Data under study:
---+---
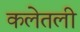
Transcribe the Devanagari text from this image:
कलेतली
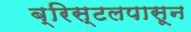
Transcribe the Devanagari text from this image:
ब्रिस्टलपासून
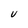
Character: V
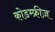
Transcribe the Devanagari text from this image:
कोडम्फ्रीज़
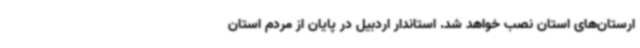
ارستان‌های استان نصب خواهد شد. استاندار اردبیل در پایان از مردم استان
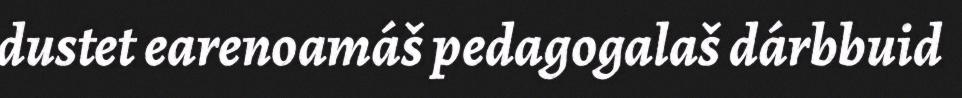
dustet earenoamáš pedagogalaš dárbbuid
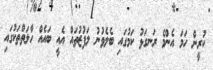
ކުރީން ހަމަ އެންމެ ރަނގަޅު ކަމުގައި ބެލެވުނު ލަފުޒުތައް އެއީ ބައެއް ހާލަތްތަކުގައި
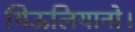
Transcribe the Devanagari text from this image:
गिऊलियानो।
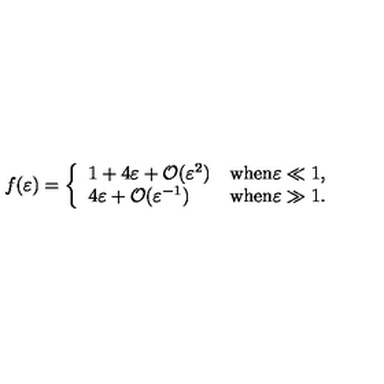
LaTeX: f ( \varepsilon ) = \left\{ \begin{array} { l l } { 1 + 4 \varepsilon + \mathcal { O } ( \varepsilon ^ { 2 } ) } & { \mathrm { w h e n \varepsilon \ll 1 } , } \\ { 4 \varepsilon + \mathcal { O } ( \varepsilon ^ { - 1 } ) } & { \mathrm { w h e n \varepsilon \gg 1 } . } \\ \end{array} \right.
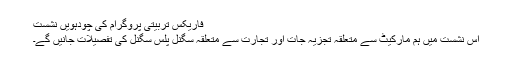
فاریکس تربیتی پروگرام کی چودہویں نشست
اس نشست میں ہم مارکیٹ سے متعلقہ تجزیہ جات اور تجارت سے متعلقہ سگنل پلس سگنل کی تفصیلات جانیں گے۔
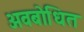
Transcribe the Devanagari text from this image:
अवबोधित
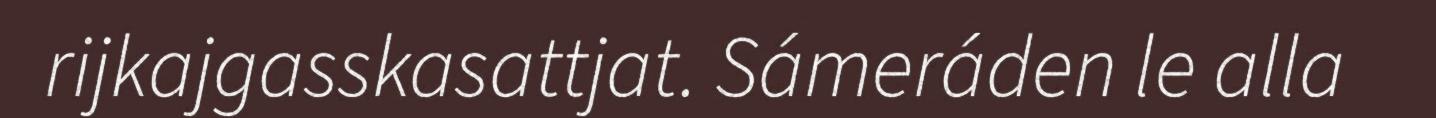
rijkajgasskasattjat. Sámeráden le alla
---+---
Exercise requirements:
Without the pictures, give back every record precisely as shown.

Written answer:
Transcribe the Devanagari text from this image:
कलेतली
Transcribe the Devanagari text from this image:
ब्रिस्टलपासून
Character: V
Transcribe the Devanagari text from this image:
कोडम्फ्रीज़
ارستان‌های استان نصب خواهد شد. استاندار اردبیل در پایان از مردم استان
dustet earenoamáš pedagogalaš dárbbuid
ކުރީން ހަމަ އެންމެ ރަނގަޅު ކަމުގައި ބެލެވުނު ލަފުޒުތައް އެއީ ބައެއް ހާލަތްތަކުގައި
Transcribe the Devanagari text from this image:
गिऊलियानो।
LaTeX: f ( \varepsilon ) = \left\{ \begin{array} { l l } { 1 + 4 \varepsilon + \mathcal { O } ( \varepsilon ^ { 2 } ) } & { \mathrm { w h e n \varepsilon \ll 1 } , } \\ { 4 \varepsilon + \mathcal { O } ( \varepsilon ^ { - 1 } ) } & { \mathrm { w h e n \varepsilon \gg 1 } . } \\ \end{array} \right.
فاریکس تربیتی پروگرام کی چودہویں نشست
اس نشست میں ہم مارکیٹ سے متعلقہ تجزیہ جات اور تجارت سے متعلقہ سگنل پلس سگنل کی تفصیلات جانیں گے۔
Transcribe the Devanagari text from this image:
अवबोधित
rijkajgasskasattjat. Sámeráden le alla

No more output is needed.